I didn’t get around to talking about dimensionality reduction in the previous post. I have a number of related problems I am interested in solving. Setting up the problem, let us say that we have a distribution **p (E | C)**, where both **E** and **C** are sets of the same dimension (d):

E = {e1, e2, e3, … e[d]}

C = {c1, c2, c3, … c[d]}

**d** is a high dimension >> 1000.

**Problem 1: Sub-distributions with C and E of same dimension
**In the case where many of the variables in the dimension are independent, the joint probability of a specific 1000 variable state, will often be much less than the probability of a lower dimensional state variable (of say 20 variables with covariance).

The question is then, what dimensional subsets of this distribution are the most predictive. Another way to state this is what subsets of **C** provide the most information transfer into **E**.

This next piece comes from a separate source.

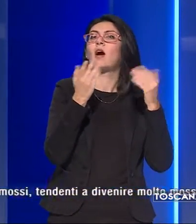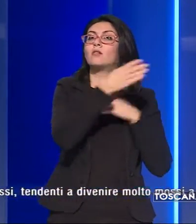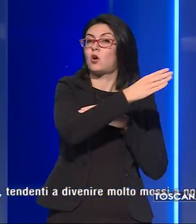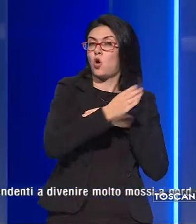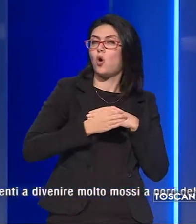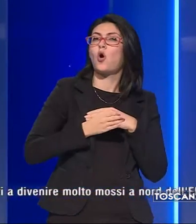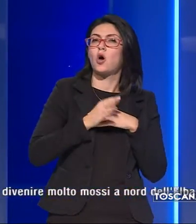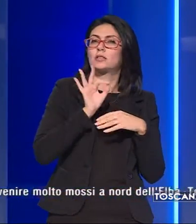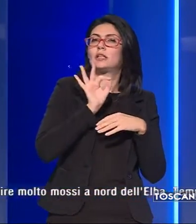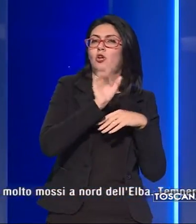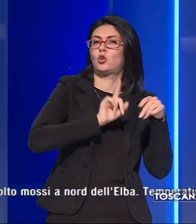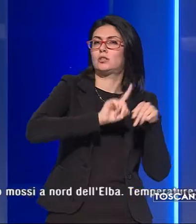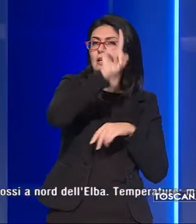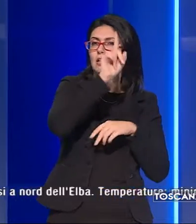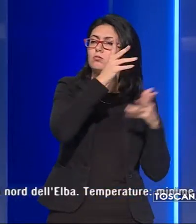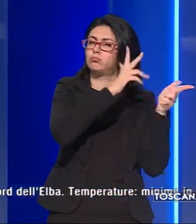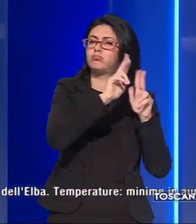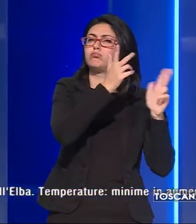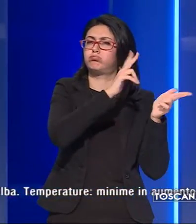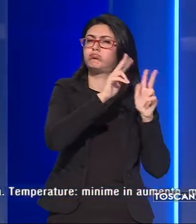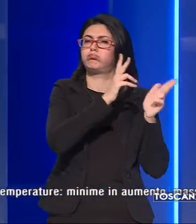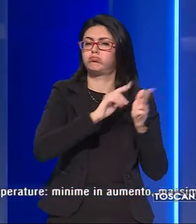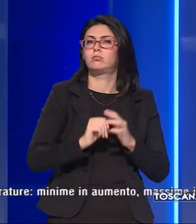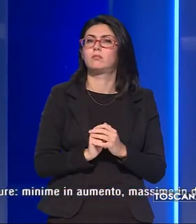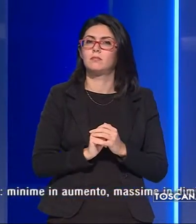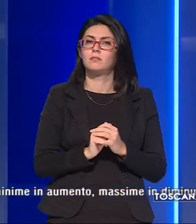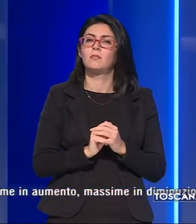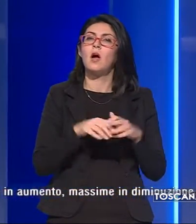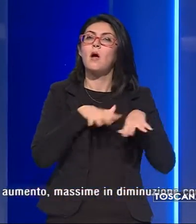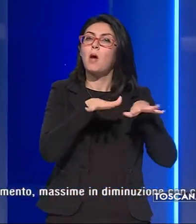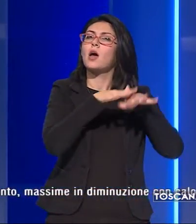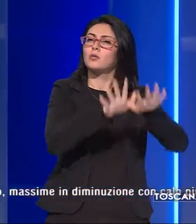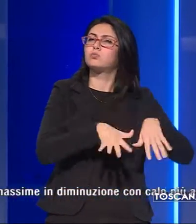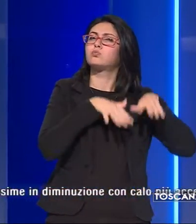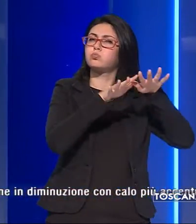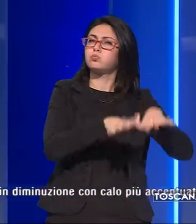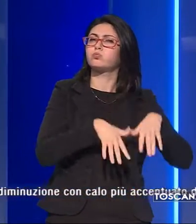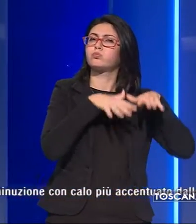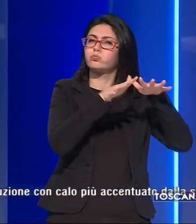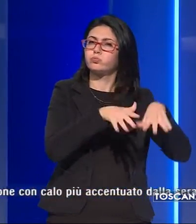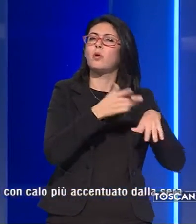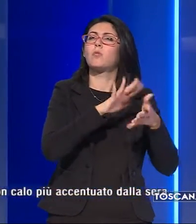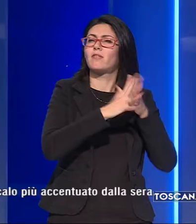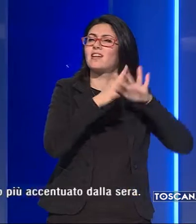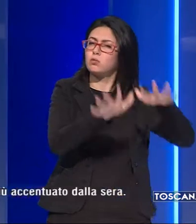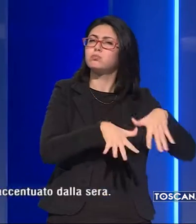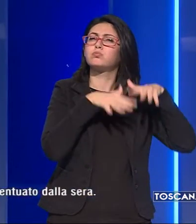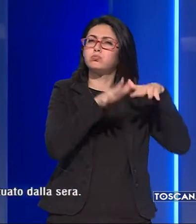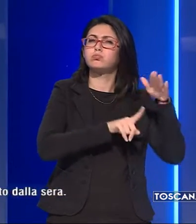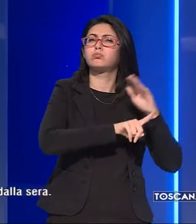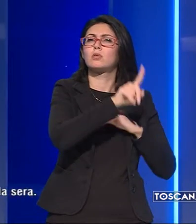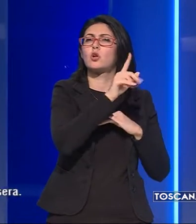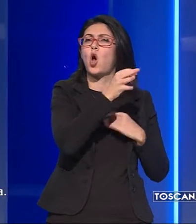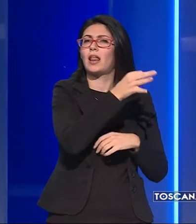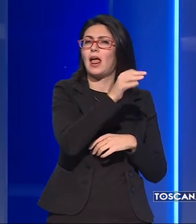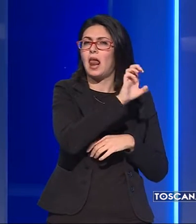sulla costa centro-settentrionale. Mari mossi tendenti a divinire molto mossi a nord dell'Elba.

It would be then of interest to look at the top N subsets of the distribution that carry the most information from **C** → **E**.

**Problem 2: Sub-distributions with C and E of different dimension
**As in problem 1, we look for subsets of

**C**that carry the most predictive information for subsets of

**E**. In this case, though, C and E need not be of the same dimension. Combinatorially this is a harder problem than problem #1, however the math is the same.

**Outline of Approach**

** **

- spanning graph structure is determined between variables to avoid astronomical combinations
- transfer entropy analysis is done on edges in spanning structure
- subgraphs of depth 1, 2, 3, … are evaluated from a transfer entropy point of view to determine the power of each subgraph
- subgraphs are sorted by transfer entropy

**Alternatives
**There are undoubtedly many approaches to finding factors, particularly with classification problems where E is of small dimension (often 1 dimension). I’d be grateful for alternative suggestions.